Records to use ::
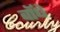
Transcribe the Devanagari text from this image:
बॉधे
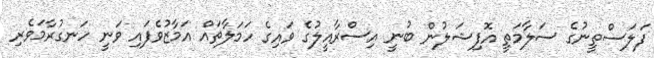
ފަލަސްތީނުގެ ސަލާމަތީ އޮފިޝަލުން ބުނީ އިސްރާއީލުގެ ވައިގެ ހަމަލާތައް އަމާޒުވެފައި ވަނީ ހަނގުރާމަވެރި
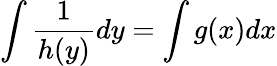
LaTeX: \int\frac{1}{h(y)}dy=\int g(x)dx
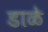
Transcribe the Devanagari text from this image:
डाळे
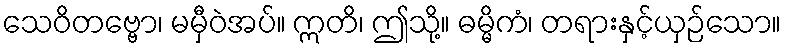
သေဝိတဗ္ဗော၊ မမှီဝဲအပ်။ ဣတိ၊ ဤသို့။ ဓမ္မိကံ၊ တရားနှင့်ယှဉ်သော။

What is required ::
Repeat the records above exactly, omitting every picture.

Written reply ::
Transcribe the Devanagari text from this image:
बॉधे
ފަލަސްތީނުގެ ސަލާމަތީ އޮފިޝަލުން ބުނީ އިސްރާއީލުގެ ވައިގެ ހަމަލާތައް އަމާޒުވެފައި ވަނީ ހަނގުރާމަވެރި
LaTeX: \int\frac{1}{h(y)}dy=\int g(x)dx
Transcribe the Devanagari text from this image:
डाळे
သေဝိတဗ္ဗော၊ မမှီဝဲအပ်။ ဣတိ၊ ဤသို့။ ဓမ္မိကံ၊ တရားနှင့်ယှဉ်သော။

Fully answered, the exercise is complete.